• _ABOUT THIS TASK_
Write out each line of the material below exactly as given.
+++
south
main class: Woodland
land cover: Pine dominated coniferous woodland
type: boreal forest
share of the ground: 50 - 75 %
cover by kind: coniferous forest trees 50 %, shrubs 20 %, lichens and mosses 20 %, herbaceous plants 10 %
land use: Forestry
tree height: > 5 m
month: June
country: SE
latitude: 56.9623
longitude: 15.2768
+++
• _THE COMPLETED TASK_
south
main class: Woodland
land cover: Pine dominated coniferous woodland
type: boreal forest
share of the ground: 50 - 75 %
cover by kind: coniferous forest trees 50 %, shrubs 20 %, lichens and mosses 20 %, herbaceous plants 10 %
land use: Forestry
tree height: > 5 m
month: June
country: SE
latitude: 56.9623
longitude: 15.2768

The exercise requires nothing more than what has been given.